The Atacama Region (, ) is one of Chile's 16 first order administrative divisions. It comprises three provinces: Chañaral, Copiapó and Huasco. It is bordered to the north by Antofagasta, to the south by Coquimbo, to east with Provinces of Catamarca, La Rioja and San Juan of Argentina, and to the west by the Pacific Ocean. The regional capital Copiapó is located at  north of the country's capital of Santiago. The region occupies the southern portion of the Atacama Desert, the rest of the desert is mainly distributed among the other regions of Norte Grande.

Demography
The Atacama Region is the third least populated region of the country, after Aysen and Magallanes. Of its total population, over 50% are located in the cities of Copiapó and Vallenar.

The largest cities are (2002 census data) Copiapó (125,983 inhabitants), Vallenar (43,750), Caldera (12,776), Chañaral (12,086), El Salvador (8,697) Tierra Amarilla (8,578), and Diego de Almagro (7,951).

History

The original inhabitants of this area, the Diaguitas and Changos valued its mineral wealth.
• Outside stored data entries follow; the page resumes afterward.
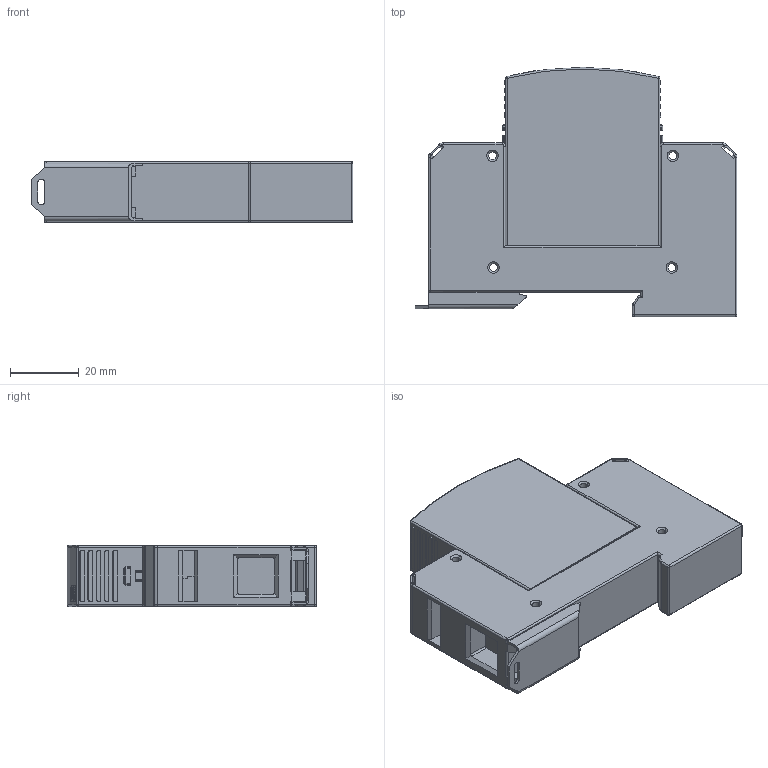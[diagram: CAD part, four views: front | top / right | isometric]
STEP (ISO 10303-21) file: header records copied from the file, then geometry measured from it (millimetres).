
FILE_DESCRIPTION((''),'2;1');
FILE_NAME('ASM0009_ASM','2021-03-02T',('marketing.praksa'),('Audax d.o.o.'),'CREO PARAMETRIC BY PTC INC, 2017480','CREO PARAMETRIC BY PTC INC, 2017480','');
FILE_SCHEMA(('AUTOMOTIVE_DESIGN { 1 0 10303 214 1 1 1 1 }'));
Products named in the file (12): PRT0065; PRT0066; PRT0045_1_1_2_3_4_5_1_1_1_1_2; PRT0049_1_1_2_3_4_5_1_1_1_1_2; PRT0050_1_1_2_3_4_5_1_1_1_1_2; PRT0051_1_1_2_3_4_5_1_1_1_1_2; TMP_DWG_65_1_1_1_2_1_2_3_1_2_28; TMP_DWG_65_1_2_1_2_1_2_3_1_2_28; TMP_DWG_65_1_3_1_2_1_2_3_1_2_28; BAZA_1TE_B2S_RC_ZASKOK_19_2__21; BAZA_1TE_B2S_RC_ZASKOK_19_3__21; ASM0009_ASM
Assembly tree (11 placements, depth 2):
  ASM0009_ASM
    PRT0065
    PRT0066
    PRT0045_1_1_2_3_4_5_1_1_1_1_2
    PRT0049_1_1_2_3_4_5_1_1_1_1_2
    PRT0050_1_1_2_3_4_5_1_1_1_1_2
    PRT0051_1_1_2_3_4_5_1_1_1_1_2
    TMP_DWG_65_1_1_1_2_1_2_3_1_2_28
    TMP_DWG_65_1_2_1_2_1_2_3_1_2_28
    TMP_DWG_65_1_3_1_2_1_2_3_1_2_28
    BAZA_1TE_B2S_RC_ZASKOK_19_2__21
    BAZA_1TE_B2S_RC_ZASKOK_19_3__21
Bounding box: 93.9 x 72.7 x 17.8 mm (x, y, z)
Volume: 87120.2 mm3; surface area: 25181.9 mm2
Topology: 11 solids, 11 shells, 629 faces, 1697 edges, 1100 vertices
Faces by surface type: plane 333, cylinder 198, cone 34, torus 30, sphere 18, bspline 16
Entity records: 26855 total; most frequent: CARTESIAN_POINT 4792, ORIENTED_EDGE 3358, DIRECTION 3307, PRESENTATION_STYLE_ASSIGNMENT 1730, STYLED_ITEM 1730, CURVE_STYLE 1679, EDGE_CURVE 1679, AXIS2_PLACEMENT_3D 1152

Since the 19th century, iron, copper, silver, and gold have brought prosperity.

The region experienced a boom when the Chañarcillo silver mine was discovered in 1832. For many years, this was the world's third largest silver mine.

Natural features
Much of the region is desert, and encompasses considerable mineral resources. Numerous flora and fauna species are found in the Atacama Region. One subspecies of the lesser rhea, known by the scientific name Rhea pennata tarapacensis, is a notable large terrestrial bird in this region, which subspecies is considered endangered. The diminished numbers of this bird are due to prehistoric and modern hunting but more significantly due to agricultural land conversion in order to feed the expanding human population.

Economy

Mining accounts for 45% of the region's GDP and 90% of its exports. Moreover, various geological surveys have identified new deposits.
Iron ore mining is the most dynamic activity and there are numerous small-scale mines, which sell their output to ENAMI (the national mining company) for processing at its Paipote smelter. The region's main copper deposit is Candelaria, which produces around 200,000 tonnes per year and is controlled by Phelps Dodge, an international corporation. The next in size is El Salvador, owned by CODELCO, with an annual output of around 81,000 tonnes. Both mines export through the port of Chañaral.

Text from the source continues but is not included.